(Exercise goal) Transcribe all records below exactly, without images.

#### Information provided ####

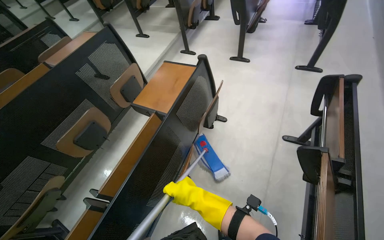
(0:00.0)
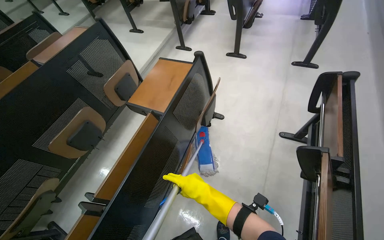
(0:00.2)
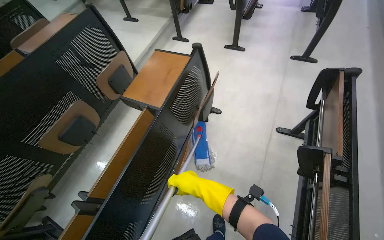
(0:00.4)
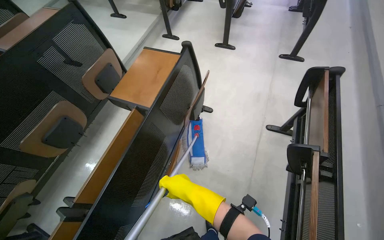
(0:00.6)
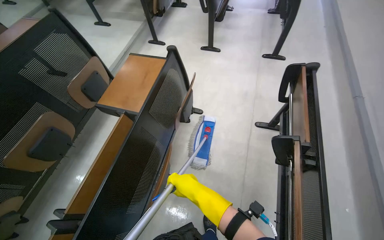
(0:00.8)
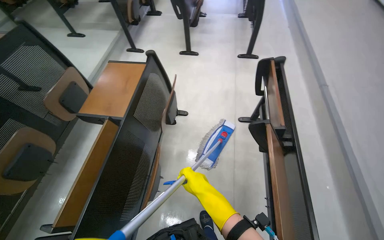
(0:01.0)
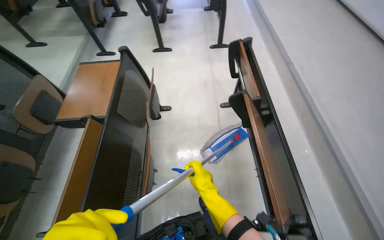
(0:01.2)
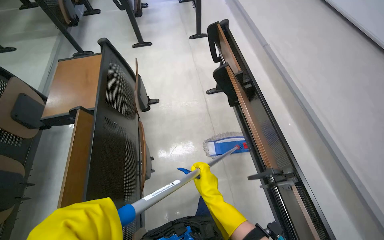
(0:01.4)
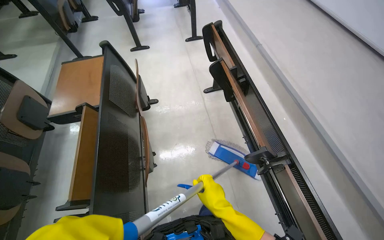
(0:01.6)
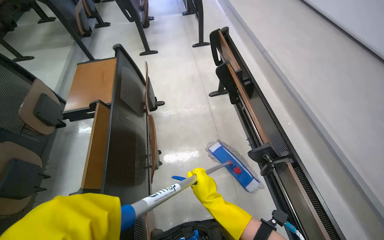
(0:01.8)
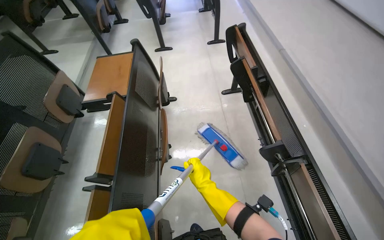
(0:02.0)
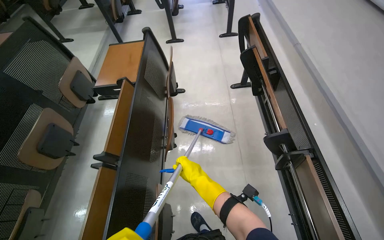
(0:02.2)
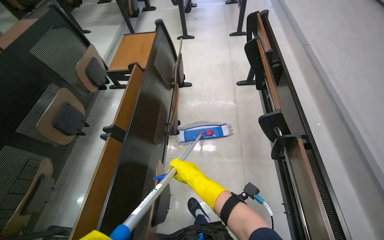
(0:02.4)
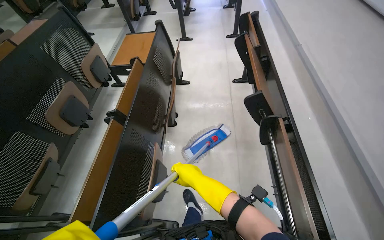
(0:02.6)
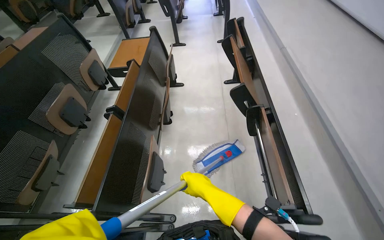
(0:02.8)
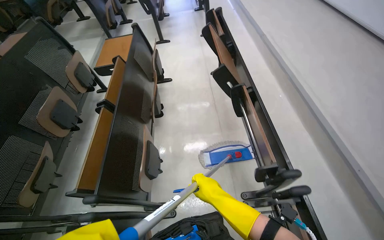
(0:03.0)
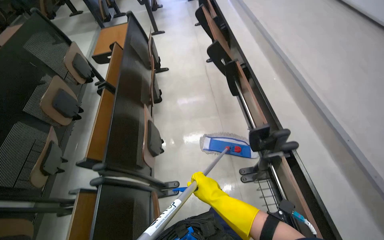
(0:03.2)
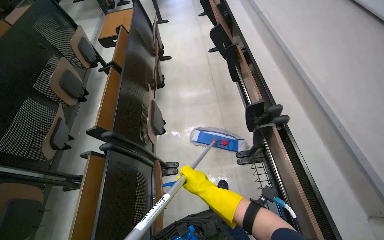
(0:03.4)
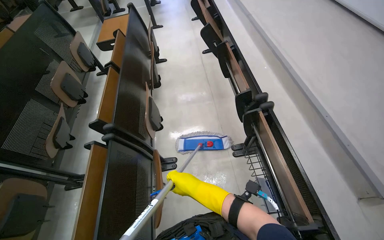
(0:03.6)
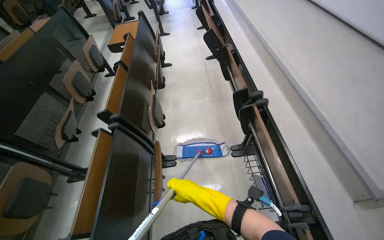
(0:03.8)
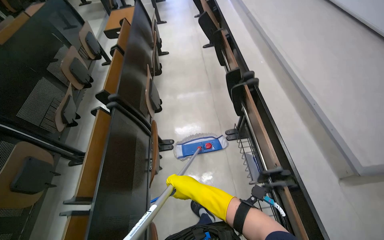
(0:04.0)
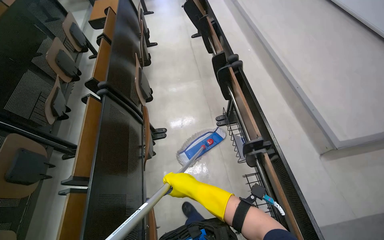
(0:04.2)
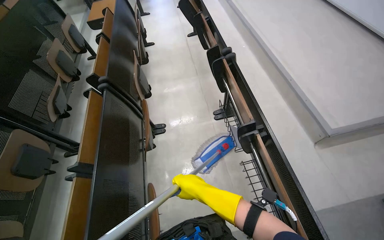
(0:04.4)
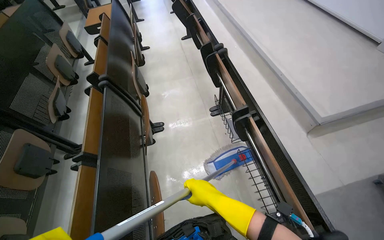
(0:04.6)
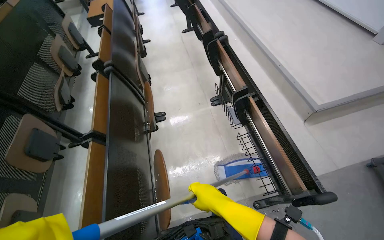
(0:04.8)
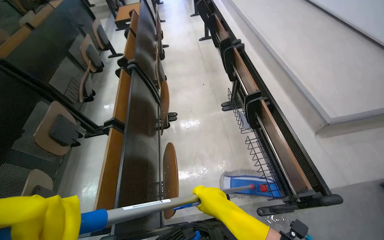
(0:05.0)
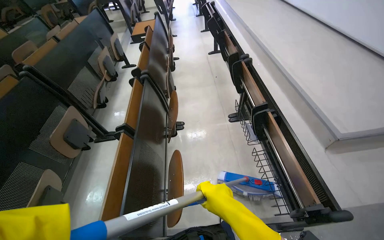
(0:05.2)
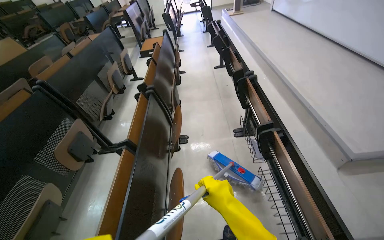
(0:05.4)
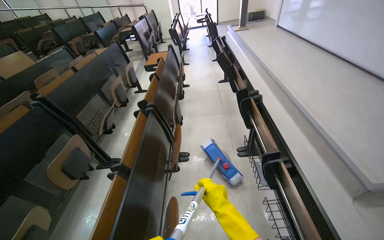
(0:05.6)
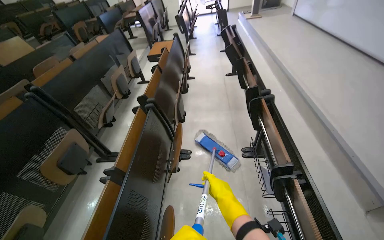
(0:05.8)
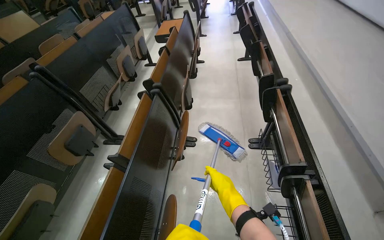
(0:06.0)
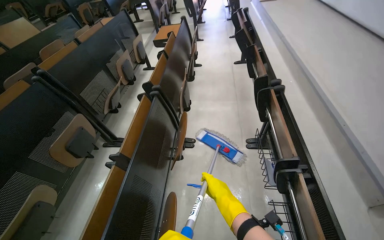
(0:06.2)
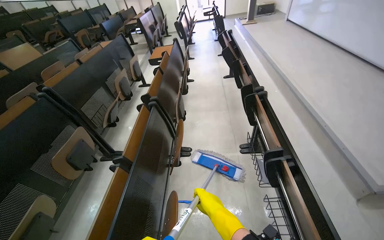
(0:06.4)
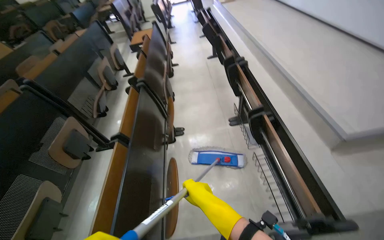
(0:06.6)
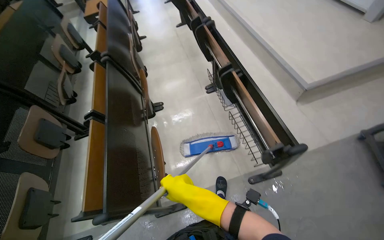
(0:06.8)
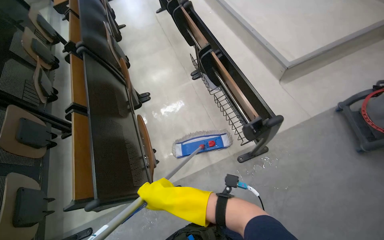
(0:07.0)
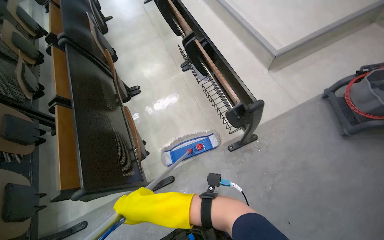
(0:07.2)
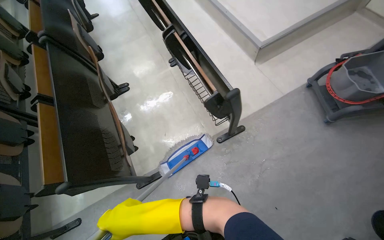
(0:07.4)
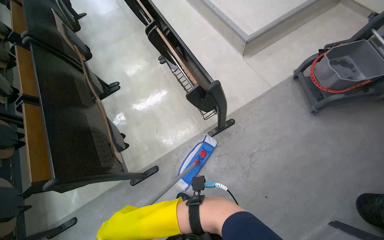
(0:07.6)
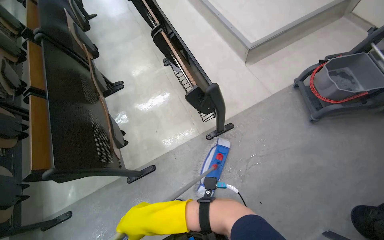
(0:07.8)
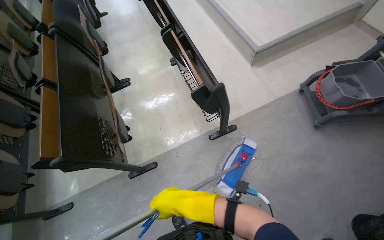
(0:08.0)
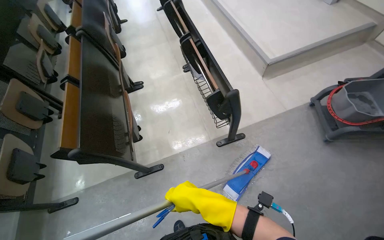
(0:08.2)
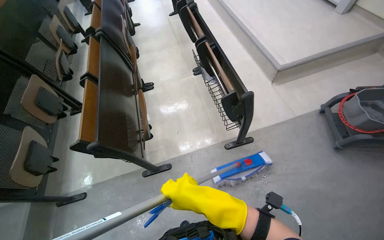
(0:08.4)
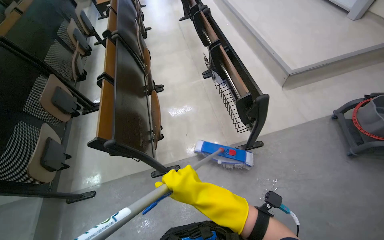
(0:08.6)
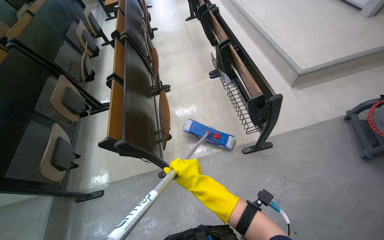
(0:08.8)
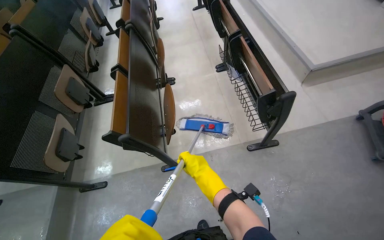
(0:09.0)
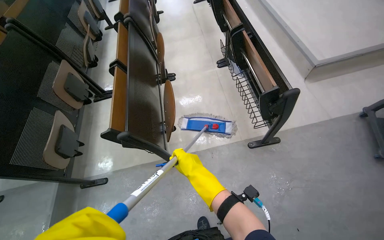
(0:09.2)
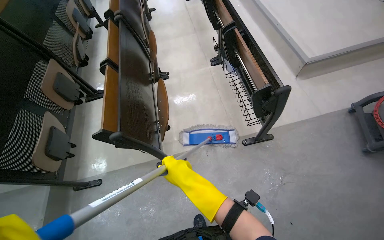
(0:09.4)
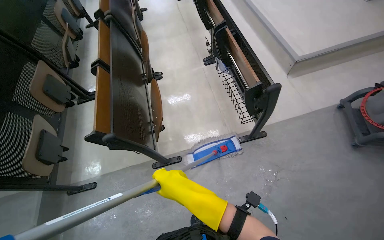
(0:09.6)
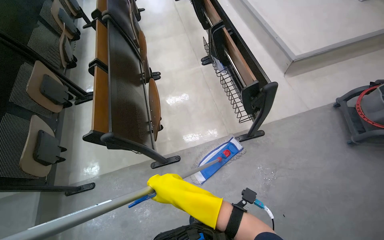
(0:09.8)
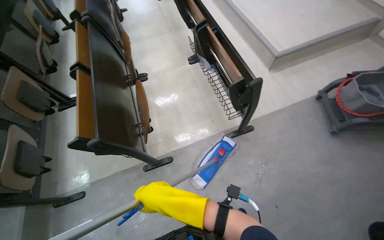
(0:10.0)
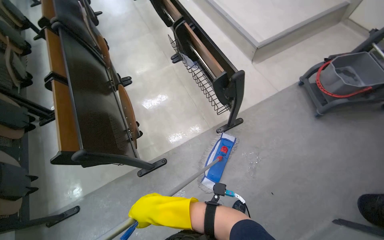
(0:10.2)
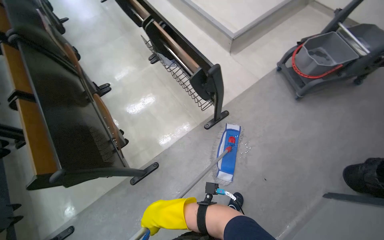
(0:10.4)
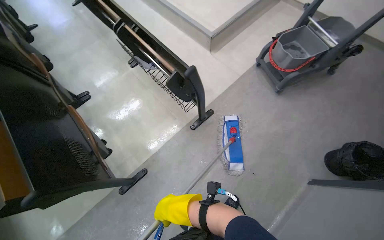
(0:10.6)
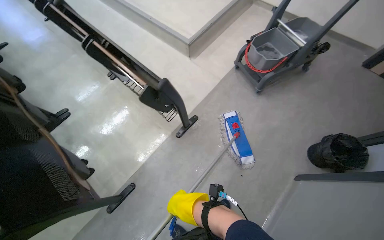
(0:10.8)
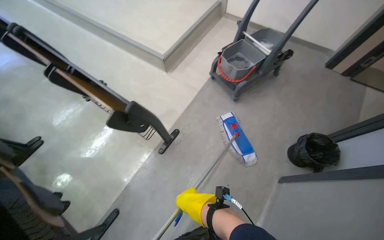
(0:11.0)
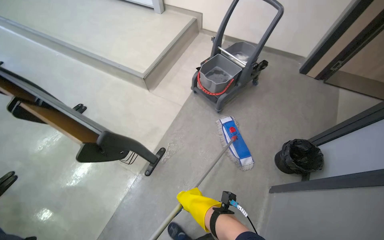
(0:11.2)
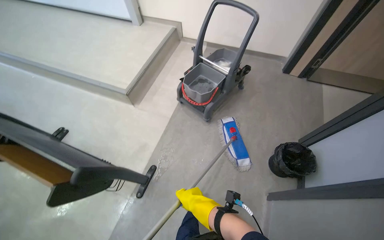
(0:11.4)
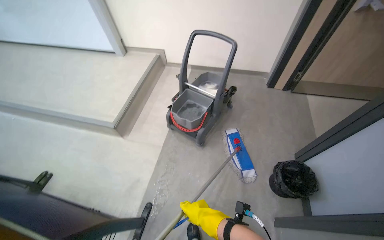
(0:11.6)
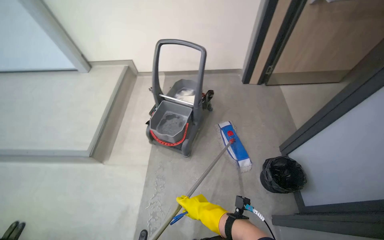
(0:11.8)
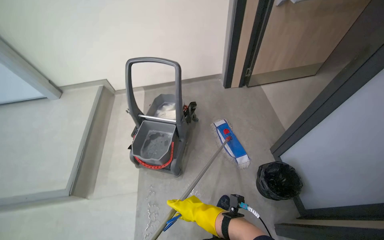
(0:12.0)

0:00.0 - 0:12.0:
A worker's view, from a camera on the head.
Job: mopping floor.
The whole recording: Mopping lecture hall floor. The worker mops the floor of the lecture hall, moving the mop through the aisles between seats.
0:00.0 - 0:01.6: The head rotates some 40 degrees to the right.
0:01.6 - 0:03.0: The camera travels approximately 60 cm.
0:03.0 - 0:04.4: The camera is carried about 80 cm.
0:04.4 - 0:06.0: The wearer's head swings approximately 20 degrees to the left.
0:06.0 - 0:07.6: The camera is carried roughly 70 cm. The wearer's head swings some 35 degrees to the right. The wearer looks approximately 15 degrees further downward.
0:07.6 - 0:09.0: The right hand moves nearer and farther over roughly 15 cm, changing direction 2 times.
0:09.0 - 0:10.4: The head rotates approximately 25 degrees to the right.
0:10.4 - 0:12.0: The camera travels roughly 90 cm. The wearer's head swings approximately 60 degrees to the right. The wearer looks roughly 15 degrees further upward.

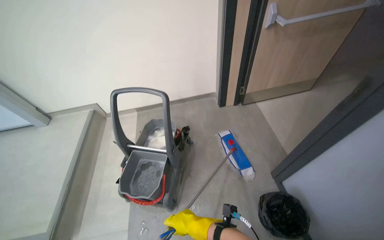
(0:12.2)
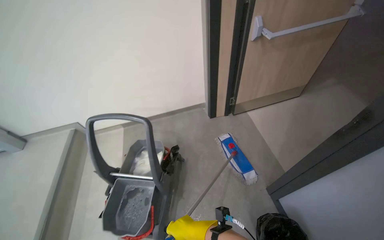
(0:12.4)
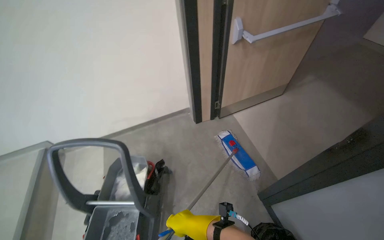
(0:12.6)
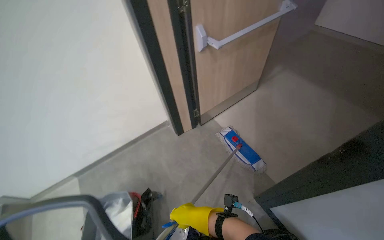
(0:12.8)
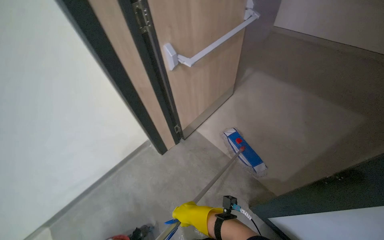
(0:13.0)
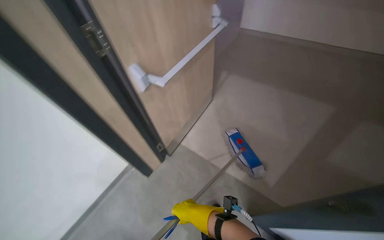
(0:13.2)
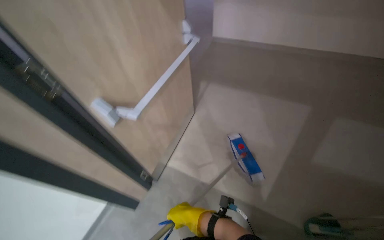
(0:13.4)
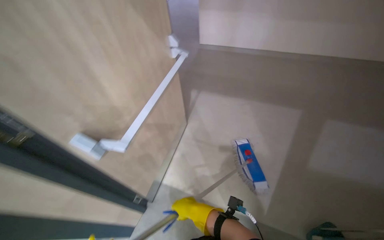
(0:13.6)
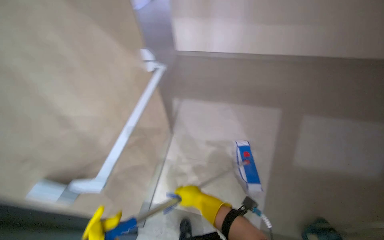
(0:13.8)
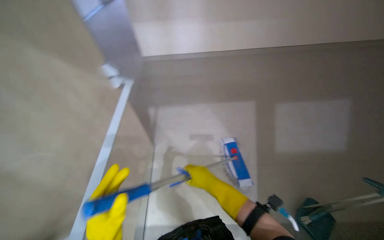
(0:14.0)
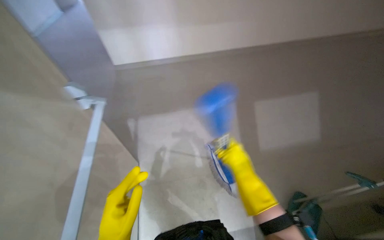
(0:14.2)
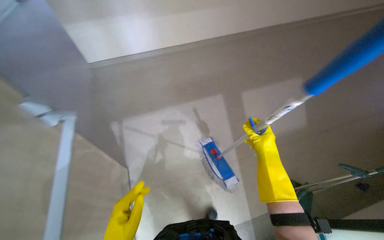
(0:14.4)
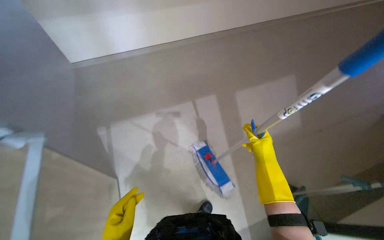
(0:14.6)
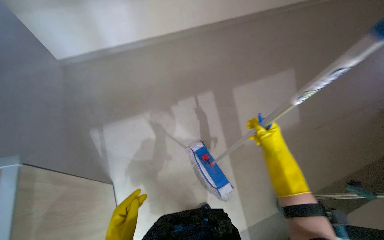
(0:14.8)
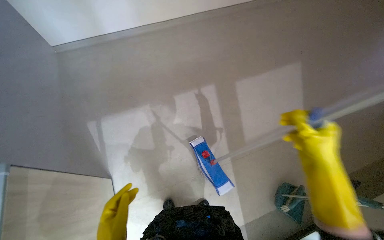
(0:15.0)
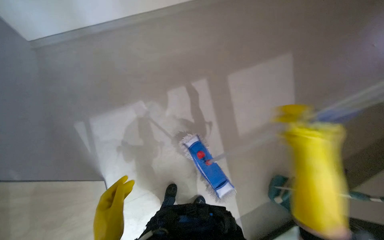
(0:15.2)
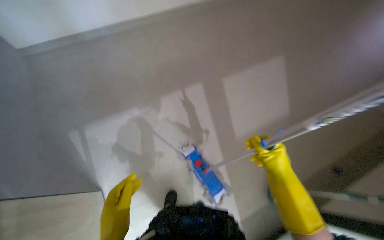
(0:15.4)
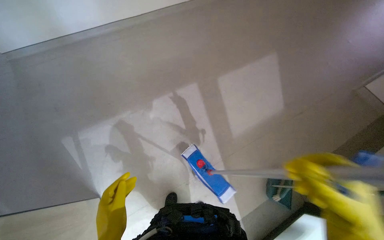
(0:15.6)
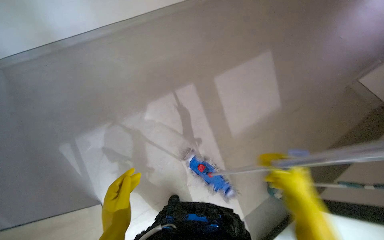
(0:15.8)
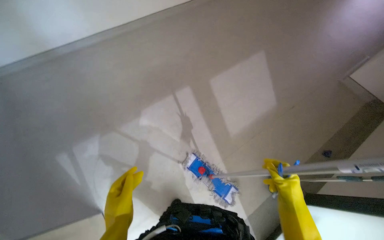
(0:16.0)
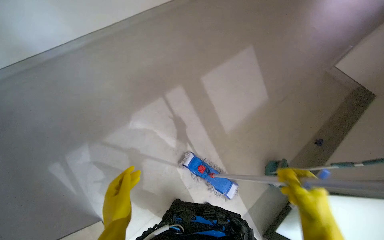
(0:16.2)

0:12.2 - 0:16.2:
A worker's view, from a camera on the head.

####

(Solution to this task)
(0:00.0)
(0:00.2)
(0:00.4)
(0:00.6)
(0:00.8)
(0:01.0)
(0:01.2)
(0:01.4)
(0:01.6)
(0:01.8)
(0:02.0)
(0:02.2)
(0:02.4)
(0:02.6)
(0:02.8)
(0:03.0)
(0:03.2)
(0:03.4)
(0:03.6)
(0:03.8)
(0:04.0)
(0:04.2)
(0:04.4)
(0:04.6)
(0:04.8)
(0:05.0)
(0:05.2)
(0:05.4)
(0:05.6)
(0:05.8)
(0:06.0)
(0:06.2)
(0:06.4)
(0:06.6)
(0:06.8)
(0:07.0)
(0:07.2)
(0:07.4)
(0:07.6)
(0:07.8)
(0:08.0)
(0:08.2)
(0:08.4)
(0:08.6)
(0:08.8)
(0:09.0)
(0:09.2)
(0:09.4)
(0:09.6)
(0:09.8)
(0:10.0)
(0:10.2)
(0:10.4)
(0:10.6)
(0:10.8)
(0:11.0)
(0:11.2)
(0:11.4)
(0:11.6)
(0:11.8)
(0:12.0)

0:00.0 - 0:12.0:
A worker's view, from a camera on the head.
Job: mopping floor.
The whole recording: Mopping lecture hall floor. The worker mops the floor of the lecture hall, moving the mop through the aisles between seats.
0:00.0 - 0:01.6: The head rotates some 40 degrees to the right.
0:01.6 - 0:03.0: The camera travels approximately 60 cm.
0:03.0 - 0:04.4: The camera is carried about 80 cm.
0:04.4 - 0:06.0: The wearer's head swings approximately 20 degrees to the left.
0:06.0 - 0:07.6: The camera is carried roughly 70 cm. The wearer's head swings some 35 degrees to the right. The wearer looks approximately 15 degrees further downward.
0:07.6 - 0:09.0: The right hand moves nearer and farther over roughly 15 cm, changing direction 2 times.
0:09.0 - 0:10.4: The head rotates approximately 25 degrees to the right.
0:10.4 - 0:12.0: The camera travels roughly 90 cm. The wearer's head swings approximately 60 degrees to the right. The wearer looks roughly 15 degrees further upward.

(0:12.2)
(0:12.4)
(0:12.6)
(0:12.8)
(0:13.0)
(0:13.2)
(0:13.4)
(0:13.6)
(0:13.8)
(0:14.0)
(0:14.2)
(0:14.4)
(0:14.6)
(0:14.8)
(0:15.0)
(0:15.2)
(0:15.4)
(0:15.6)
(0:15.8)
(0:16.0)
(0:16.2)

0:12.2 - 0:16.2:
A worker's view, from a camera on the head.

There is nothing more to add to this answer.